MARITZA MOSQUERA
Maritza Mosquera is a visual artist, poet, painter, and cook whose creations often accompany dialogues with community. Her visual works are installation “diaries” about relationships and ideas referencing personal and public desires, such as the earth’s healing from fracking, intimacy, criminal justice, the story of skin, the end of racism, home recipes, and the power of voice.
Mosquera received her MFA from the University of Pennsylvania, Philadelphia, and her BFA from the Maryland Institute College of Art in Baltimore, Maryland. She was granted a residency at Skowhegan School of Painting and Sculpture in 1987.

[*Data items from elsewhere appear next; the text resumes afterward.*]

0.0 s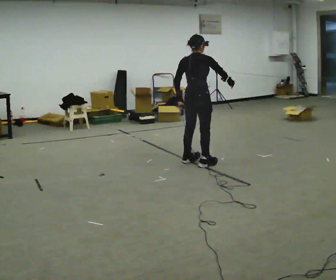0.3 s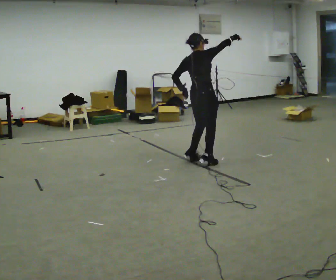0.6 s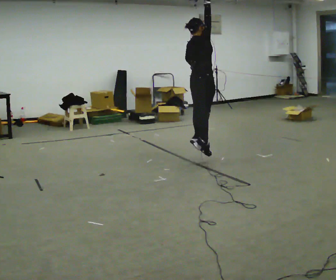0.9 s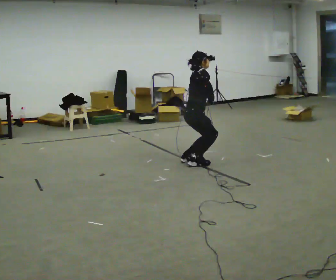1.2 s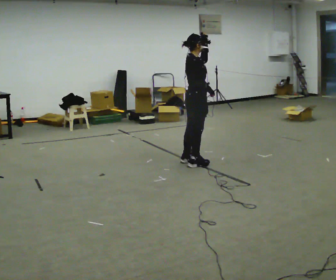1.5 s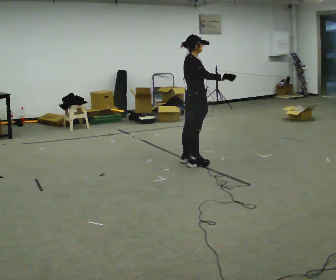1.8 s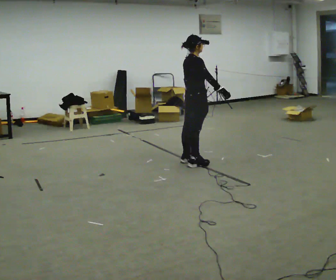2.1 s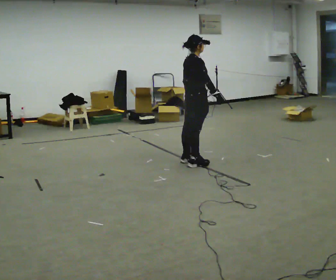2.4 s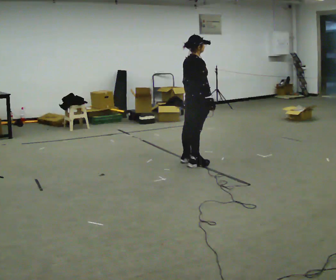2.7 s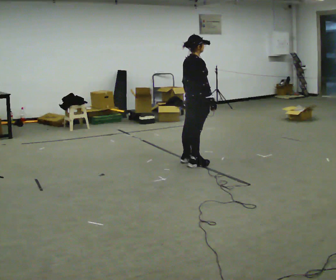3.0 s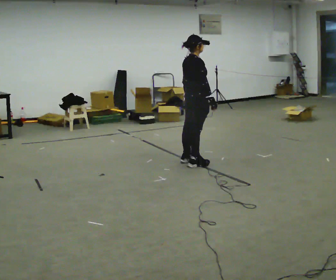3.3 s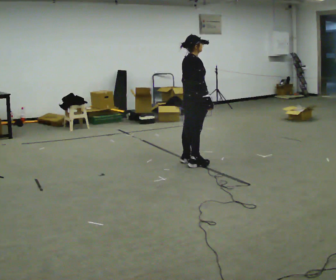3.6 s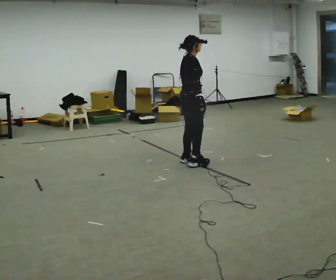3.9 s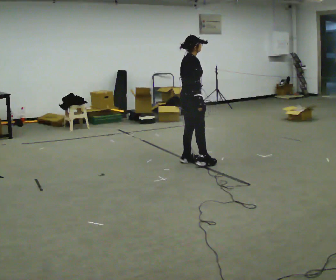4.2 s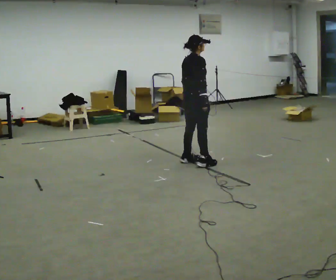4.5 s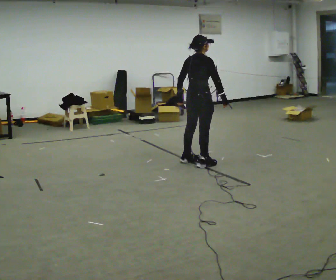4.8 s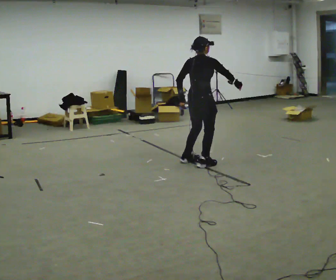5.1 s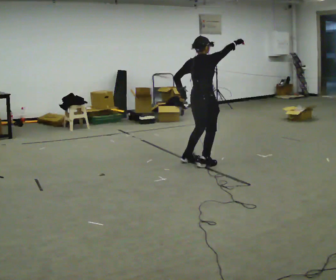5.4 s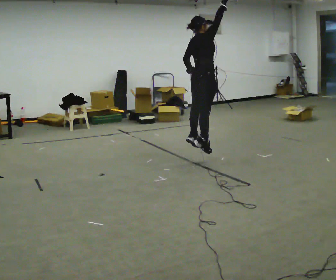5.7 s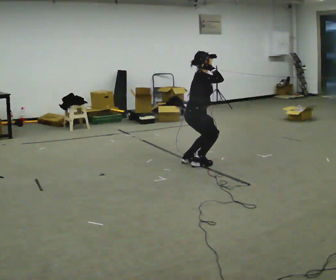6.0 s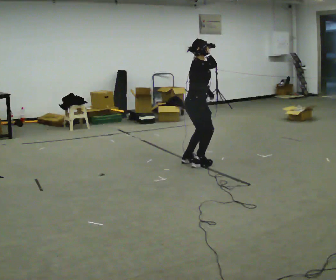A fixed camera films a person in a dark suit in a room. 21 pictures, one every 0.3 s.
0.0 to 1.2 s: Seen from above the body turns clockwise, about 45 degrees: to their right, with its near side sliding to the left. In the picture their right hand goes to the left and upward.
1.2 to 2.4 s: In the picture their right hand goes downward.
2.4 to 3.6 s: The person moves a little, or ends about where they began.
3.6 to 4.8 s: The part of the body nearest the lens slides to the right as the person turns to their left by about 30 degrees. In the picture their right hand goes to the right.
4.8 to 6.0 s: The person turns about 45 degrees to their right, clockwise seen from above, so the part of the body nearest the lens slides to the left. In the picture their right hand goes to the left.
The film runs backward here.

Her written and visual work have been presented regionally and nationally, as well as in Ecuador, Ireland, and Chile. Her work has been funded by the Multi-Cultural Arts Initiative of the Pittsburgh Foundation, the Mid-Atlantic Arts Foundation, the National Endowment for the Arts, Americans for The Arts, the Buncher Foundation, the Snow Foundation and Arts Midwest.
She currently works with elders and youth who face special challenges such as dementia, incarceration, Alzheimer's, poverty, sexual victimization, and regular life.
Mosquera's current studios are in Pittsburgh and Natrona Heights, Pennsylvania.